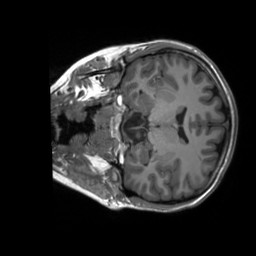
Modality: T1w
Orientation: coronal
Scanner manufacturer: siemens
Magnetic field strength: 3 T
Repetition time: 2.3 s
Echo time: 0.00207 s
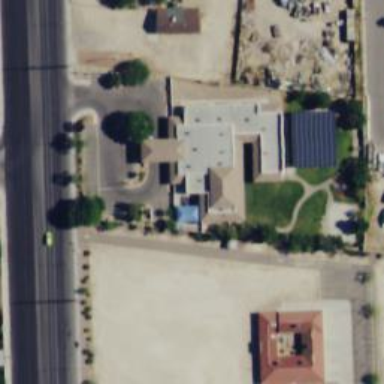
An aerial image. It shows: Kindergarten building.
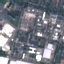
Label: Industrial
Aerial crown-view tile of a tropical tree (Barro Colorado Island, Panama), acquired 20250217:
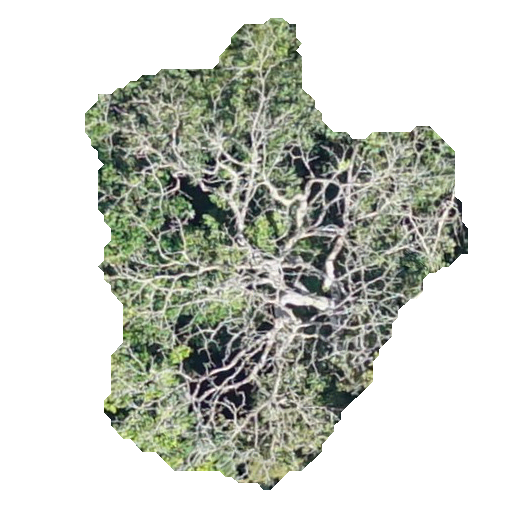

========================================================================

• **Work task**
Pictures stay out; everything else in the listing above gets repeated exactly.

• **Exercise result**
Modality: T1w
Orientation: coronal
Scanner manufacturer: siemens
Magnetic field strength: 3 T
Repetition time: 2.3 s
Echo time: 0.00207 s
An aerial image. It shows: Kindergarten building.
Label: Industrial
Aerial crown-view tile of a tropical tree (Barro Colorado Island, Panama), acquired 20250217:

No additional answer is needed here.